According to Gingrich, undoing Medicare is too radical, even though instituting Medicare was too radical.  As Orwell might say: Redemption = sin.  Theft = generosity.

At this rate, Gingrich is on track to become the left-wing’s GOP darling, the John McCain of 2012.  He’ll be praised to high heaven by the New York Times editorial board for his forthrightness, bipartisanship, and flexibility—and then he’ll lose in a landslide to Obama, whom The Times and every other liberal media outlet will endorse in the general election before you can say “My friends…”

Proving that his only consistency is inconsistency, Gingrich disavowed his comments on Ryan and the individual mandate the next day.  His opposition to Ryan’s plan lingered in his stated reversal, however: “I think we should be very careful about imposing things on the American people.”  The implication being that privatizing Medicare is just as much an imposition on people as instituting Medicare.  Relief = imposition.  Slavery = freedom.

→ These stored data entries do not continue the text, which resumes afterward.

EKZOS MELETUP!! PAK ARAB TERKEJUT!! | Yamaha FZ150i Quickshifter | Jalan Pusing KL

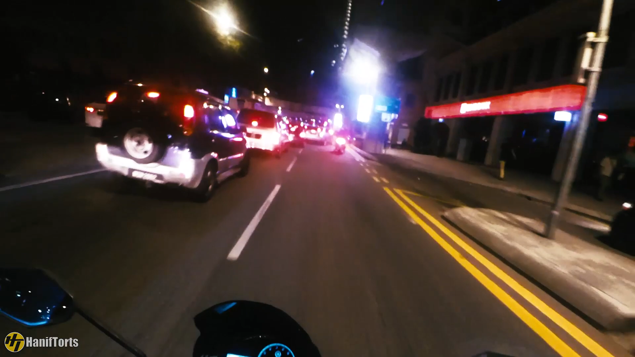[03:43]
Tengok inilah KL. Simpang siur lah jalan.
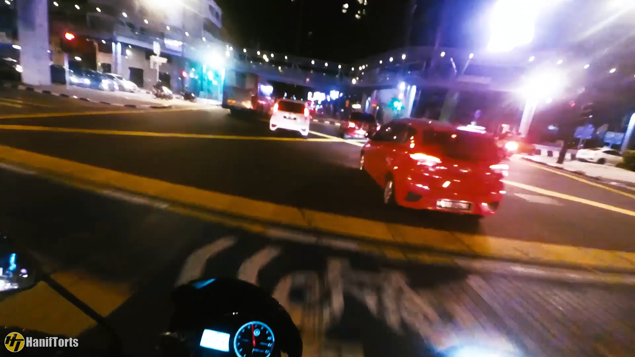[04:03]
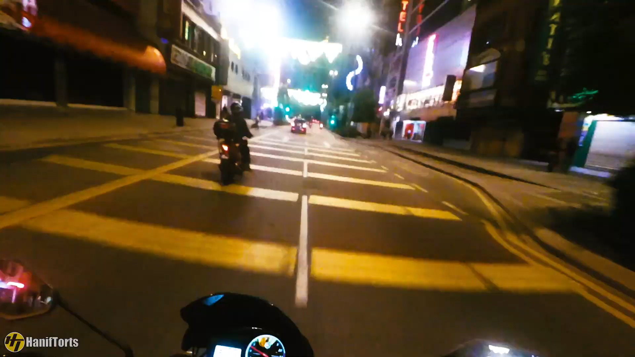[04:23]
Jalan Tar. Ni dah tak banyak kereta lah ni. Dah ada malam.
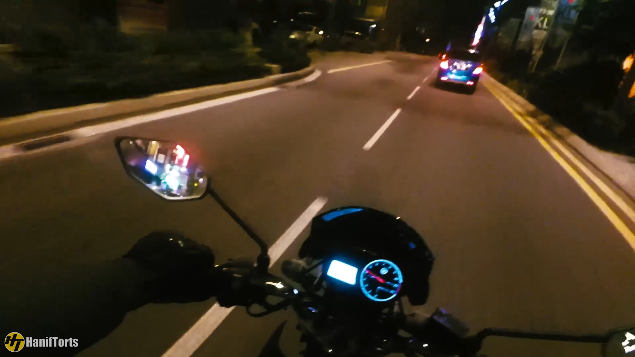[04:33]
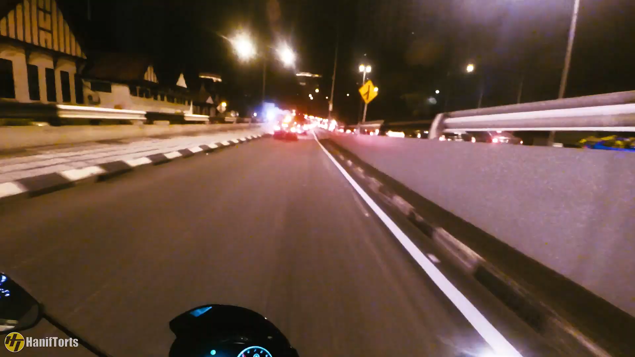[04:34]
Oh, ni lah jam KL ni. Wah, aku lupa hari malam minggu lah.
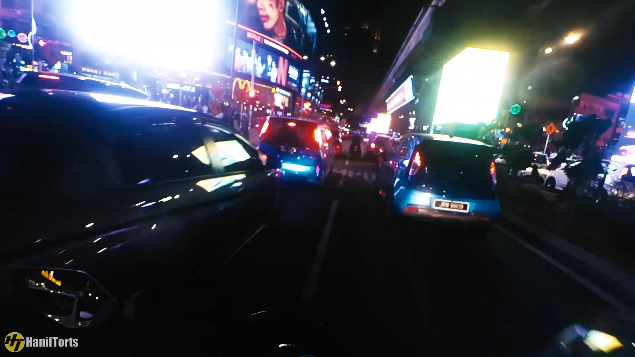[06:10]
Ya, boleh tengok ni. Apa ramainya manusia.
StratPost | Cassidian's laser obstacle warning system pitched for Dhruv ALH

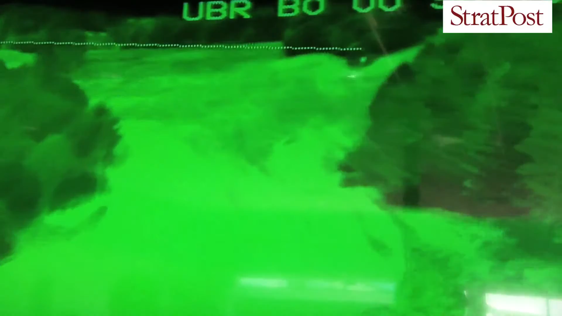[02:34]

Gingrich added, “I don’t think you want to come in and to say to every single American, we’re going to come in and change uniformly for all of you in the most fundamental way what happens to you when you are 65.”  Rather than clarifying his position, Gingrich’s comments demonstrated only that he doesn’t understand the first detail of Ryan’s plan, or that he’s shamelessly misrepresenting and oversimplifying it to cover up for his blunder.

Gingrich thinks the will of the people should be respected in implementing major social legislation, but evidently the constitutionality of the legislation is of no great concern, nor does he harbor any presumption that more intrusive legislation should inherently be held to a higher standard of scrutiny than less intrusive legislation.

In a charitable characterization, Former House Majority Leader Dick Armey said, “It’s typical of Newt to be whimsical.  We always say: Newt always has so many great ideas.  Well yeah, but then he shifts between them at such a rate it’s pretty hard to track it let alone keep up with it.”

Gingrich used to be considered a man of principle, but desperation for political relevance has made it clear that he, like McCain—and Huckabee, Trump, and too many other contenders in the GOP field—has no principles.